■ EXERCISE DETAILS
Below are the records; copy each line in which "འཕགས" occurs.

■ TASK INPUTS
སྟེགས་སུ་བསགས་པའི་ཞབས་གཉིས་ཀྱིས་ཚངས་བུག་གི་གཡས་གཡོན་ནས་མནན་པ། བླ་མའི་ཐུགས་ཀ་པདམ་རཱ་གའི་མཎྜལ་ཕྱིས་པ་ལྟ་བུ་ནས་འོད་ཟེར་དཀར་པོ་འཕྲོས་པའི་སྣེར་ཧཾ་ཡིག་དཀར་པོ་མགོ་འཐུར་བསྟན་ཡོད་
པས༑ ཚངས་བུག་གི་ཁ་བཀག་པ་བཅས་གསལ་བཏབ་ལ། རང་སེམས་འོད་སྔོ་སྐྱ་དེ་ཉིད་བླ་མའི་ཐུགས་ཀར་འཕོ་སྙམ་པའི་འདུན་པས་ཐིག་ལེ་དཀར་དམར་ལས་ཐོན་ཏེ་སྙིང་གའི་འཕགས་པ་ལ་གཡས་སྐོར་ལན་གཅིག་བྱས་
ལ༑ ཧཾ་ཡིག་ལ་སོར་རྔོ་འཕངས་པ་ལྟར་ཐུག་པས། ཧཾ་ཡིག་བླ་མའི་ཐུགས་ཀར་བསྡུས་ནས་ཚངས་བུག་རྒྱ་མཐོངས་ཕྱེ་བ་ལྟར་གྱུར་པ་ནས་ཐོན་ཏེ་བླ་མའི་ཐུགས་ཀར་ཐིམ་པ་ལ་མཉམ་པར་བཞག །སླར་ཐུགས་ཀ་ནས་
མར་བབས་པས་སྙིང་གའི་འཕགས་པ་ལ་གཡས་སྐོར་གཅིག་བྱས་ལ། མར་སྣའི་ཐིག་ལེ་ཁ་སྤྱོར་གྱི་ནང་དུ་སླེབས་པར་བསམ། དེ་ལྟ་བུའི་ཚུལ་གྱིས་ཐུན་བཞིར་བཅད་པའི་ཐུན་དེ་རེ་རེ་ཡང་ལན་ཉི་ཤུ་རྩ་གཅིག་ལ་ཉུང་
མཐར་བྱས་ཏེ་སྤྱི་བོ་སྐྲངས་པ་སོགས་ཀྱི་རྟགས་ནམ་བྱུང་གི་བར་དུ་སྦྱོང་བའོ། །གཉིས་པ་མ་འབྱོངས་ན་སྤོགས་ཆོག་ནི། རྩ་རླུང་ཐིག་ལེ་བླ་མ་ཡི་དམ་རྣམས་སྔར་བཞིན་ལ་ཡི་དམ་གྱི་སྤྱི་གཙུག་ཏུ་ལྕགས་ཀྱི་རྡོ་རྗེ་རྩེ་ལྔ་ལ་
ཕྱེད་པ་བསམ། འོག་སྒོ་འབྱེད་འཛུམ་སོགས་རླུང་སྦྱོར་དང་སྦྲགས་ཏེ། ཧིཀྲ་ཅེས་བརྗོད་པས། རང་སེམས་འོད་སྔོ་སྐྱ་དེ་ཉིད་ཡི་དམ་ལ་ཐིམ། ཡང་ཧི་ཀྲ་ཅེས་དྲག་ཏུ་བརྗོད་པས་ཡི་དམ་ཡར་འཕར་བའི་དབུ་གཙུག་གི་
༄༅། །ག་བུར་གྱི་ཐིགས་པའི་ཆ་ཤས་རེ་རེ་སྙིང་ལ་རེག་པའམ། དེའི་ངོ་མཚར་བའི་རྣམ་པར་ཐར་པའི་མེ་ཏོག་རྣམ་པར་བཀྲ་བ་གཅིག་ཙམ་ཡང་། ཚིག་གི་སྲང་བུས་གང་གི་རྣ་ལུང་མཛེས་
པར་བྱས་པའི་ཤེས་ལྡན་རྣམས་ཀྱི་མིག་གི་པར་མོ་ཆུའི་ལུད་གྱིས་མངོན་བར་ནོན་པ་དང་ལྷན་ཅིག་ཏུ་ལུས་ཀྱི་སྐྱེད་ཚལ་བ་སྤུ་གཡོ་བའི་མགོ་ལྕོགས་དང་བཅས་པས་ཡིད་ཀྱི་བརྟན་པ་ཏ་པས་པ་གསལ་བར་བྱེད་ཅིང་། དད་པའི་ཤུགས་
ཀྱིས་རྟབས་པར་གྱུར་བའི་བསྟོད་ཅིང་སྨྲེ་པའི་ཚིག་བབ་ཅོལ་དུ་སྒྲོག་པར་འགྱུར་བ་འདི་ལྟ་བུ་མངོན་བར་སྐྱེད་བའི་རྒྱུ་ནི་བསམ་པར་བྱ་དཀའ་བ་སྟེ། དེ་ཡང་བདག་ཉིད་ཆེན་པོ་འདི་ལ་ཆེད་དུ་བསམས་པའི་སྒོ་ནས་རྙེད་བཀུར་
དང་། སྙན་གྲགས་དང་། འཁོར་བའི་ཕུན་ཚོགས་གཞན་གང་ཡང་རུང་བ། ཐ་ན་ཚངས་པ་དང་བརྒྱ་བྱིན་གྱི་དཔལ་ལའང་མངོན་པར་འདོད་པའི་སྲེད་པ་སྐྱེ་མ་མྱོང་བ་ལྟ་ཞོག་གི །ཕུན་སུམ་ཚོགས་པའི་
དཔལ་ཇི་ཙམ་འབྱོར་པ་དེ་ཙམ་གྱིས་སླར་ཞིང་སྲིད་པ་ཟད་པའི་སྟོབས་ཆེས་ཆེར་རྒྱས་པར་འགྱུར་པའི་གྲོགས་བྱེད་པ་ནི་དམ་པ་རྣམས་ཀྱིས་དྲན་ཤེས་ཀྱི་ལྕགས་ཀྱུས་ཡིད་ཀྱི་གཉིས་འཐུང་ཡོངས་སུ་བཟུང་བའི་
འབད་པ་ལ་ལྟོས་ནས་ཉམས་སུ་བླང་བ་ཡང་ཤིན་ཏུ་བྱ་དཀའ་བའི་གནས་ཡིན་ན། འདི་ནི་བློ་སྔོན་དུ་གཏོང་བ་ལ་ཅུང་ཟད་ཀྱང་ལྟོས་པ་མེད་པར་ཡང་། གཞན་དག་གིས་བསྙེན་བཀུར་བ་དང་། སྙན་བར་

■ SOLUTION TO THIS TASK
པས༑ ཚངས་བུག་གི་ཁ་བཀག་པ་བཅས་གསལ་བཏབ་ལ། རང་སེམས་འོད་སྔོ་སྐྱ་དེ་ཉིད་བླ་མའི་ཐུགས་ཀར་འཕོ་སྙམ་པའི་འདུན་པས་ཐིག་ལེ་དཀར་དམར་ལས་ཐོན་ཏེ་སྙིང་གའི་འཕགས་པ་ལ་གཡས་སྐོར་ལན་གཅིག་བྱས་
མར་བབས་པས་སྙིང་གའི་འཕགས་པ་ལ་གཡས་སྐོར་གཅིག་བྱས་ལ། མར་སྣའི་ཐིག་ལེ་ཁ་སྤྱོར་གྱི་ནང་དུ་སླེབས་པར་བསམ། དེ་ལྟ་བུའི་ཚུལ་གྱིས་ཐུན་བཞིར་བཅད་པའི་ཐུན་དེ་རེ་རེ་ཡང་ལན་ཉི་ཤུ་རྩ་གཅིག་ལ་ཉུང་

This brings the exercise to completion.